Christmas and the New Year came and went, as did a spot of cold, rainy weather. Everyone got sick at our house, so we’d pretty much been laid out for the whole holiday season. I got really busy with work after the 1st of the year and the couple of times I saw Susan I was rushing to my car. I would wave and think to myself I have got to have her over, or go take her some mulch for her plants. She had told me back in November she needed some and I couldn’t imagine how she might get to a gardening store.

 

I don’t know why but I found myself paying particular attention to Susan’s back door one day last week. I was standing on my porch smoking an illicit cigarette in the late morning, and my eyes wandered over. There was a note on Susan’s door. I walked over to her back porch landing and peered closely through the screen door to read it: Estate Sale. May 8,9. Everything must go. Artwork, clothes, furniture. Free stuff. 393 Burnside Avenue. That was her address. Oh my god. I had a terrible hope that she might startle me by pulling back the mini blinds on the door with her arthritic hands and flashing her grey, horsey teeth at me. But it didn’t happen. The plants on her porch were brown and withered, except for the fake calla lilies she kept in a big green pot in the corner close to the window.
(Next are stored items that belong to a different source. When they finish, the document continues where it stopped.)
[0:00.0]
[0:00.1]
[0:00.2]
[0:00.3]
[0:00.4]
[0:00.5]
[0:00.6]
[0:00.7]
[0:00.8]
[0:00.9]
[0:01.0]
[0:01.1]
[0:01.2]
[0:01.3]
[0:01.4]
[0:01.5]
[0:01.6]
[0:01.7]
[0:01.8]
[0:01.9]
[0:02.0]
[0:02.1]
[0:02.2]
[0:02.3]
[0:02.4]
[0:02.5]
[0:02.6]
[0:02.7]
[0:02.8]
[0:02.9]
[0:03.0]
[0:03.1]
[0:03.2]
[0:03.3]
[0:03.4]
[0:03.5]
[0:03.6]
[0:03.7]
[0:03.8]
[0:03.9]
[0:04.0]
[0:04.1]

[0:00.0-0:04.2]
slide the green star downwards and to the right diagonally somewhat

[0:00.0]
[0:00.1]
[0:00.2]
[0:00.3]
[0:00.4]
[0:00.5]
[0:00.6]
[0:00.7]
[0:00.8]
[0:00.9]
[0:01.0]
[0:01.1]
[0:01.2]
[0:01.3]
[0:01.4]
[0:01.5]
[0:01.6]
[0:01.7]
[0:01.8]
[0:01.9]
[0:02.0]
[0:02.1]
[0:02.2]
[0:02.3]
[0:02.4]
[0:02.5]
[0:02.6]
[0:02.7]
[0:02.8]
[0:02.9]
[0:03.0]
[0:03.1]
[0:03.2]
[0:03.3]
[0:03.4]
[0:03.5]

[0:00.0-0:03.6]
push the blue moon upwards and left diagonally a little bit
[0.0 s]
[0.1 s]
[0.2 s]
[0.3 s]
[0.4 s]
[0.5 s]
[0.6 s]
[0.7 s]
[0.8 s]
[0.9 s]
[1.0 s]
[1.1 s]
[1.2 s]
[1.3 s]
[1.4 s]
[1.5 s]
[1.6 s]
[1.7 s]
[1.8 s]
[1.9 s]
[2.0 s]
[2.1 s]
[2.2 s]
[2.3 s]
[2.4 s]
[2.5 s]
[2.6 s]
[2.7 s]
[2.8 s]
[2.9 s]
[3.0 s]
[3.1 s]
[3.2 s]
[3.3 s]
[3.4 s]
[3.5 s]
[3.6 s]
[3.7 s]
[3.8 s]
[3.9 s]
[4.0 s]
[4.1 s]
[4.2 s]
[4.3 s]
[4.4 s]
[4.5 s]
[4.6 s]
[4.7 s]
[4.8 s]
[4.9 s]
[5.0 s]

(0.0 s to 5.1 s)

She had loved this one other plant, which she earlier confessed with great pride, was a weed. It had grown right out of a crack in the concrete and she nurtured it to life. I remembered telling her a weed is anything you don’t want in your garden, so if she liked this plant she didn’t have to call it a weed anymore. She must be gone, because even her precious weed was dry and lifeless. I felt a cold breeze float across my arms and travel up my spine, and the dried leaves of Susan’s plants sounded like the quiet crackling of Rice Crispies in milk. The smoke from my cigarette gave the air an old dusty smell, and I thought about putting it out, but didn’t. Ash flew off the tip and dusted the sleeve of my black t-shirt. There was nothing on her porch but berries and leaves from the tree branches that hung above, and Susan’s plants; no patio furniture, no place to sit down. Maybe Susan never sat down. Maybe that’s what kept her alive for so long. She was always busy, taking care of things… Maybe that’s what happened last week. Maybe she sat down for a rest. I wonder if she knew it would be eternal. My cigarette burned down to the butt and I tossed it away from Susan’s porch.

 

I don’t know why I never had her over for tea and pie, but I know I should have. I know better at my age. At 47 I know time passes too quickly, and when you’re 102 there is no more time. No more time to put off ‘til tomorrow what might please you or make someone else happy now. I should’ve stopped for 30 minutes and just invited her in. I sometimes think that doing so might’ve alleviated some of her loneliness. But if I’m really honest, I think it would’ve alleviated some of mine.

 

I’m writing this for you Susan. I imagine you finally reunited with all those who loved you over your long life, and it makes me smile a little bit. I will remember you Susan George, and I hope one day we’ll meet again. I promise I’ll invite you in. We’ll have a nice long chat over a cup of Earl Grey and a slice of cherry pie.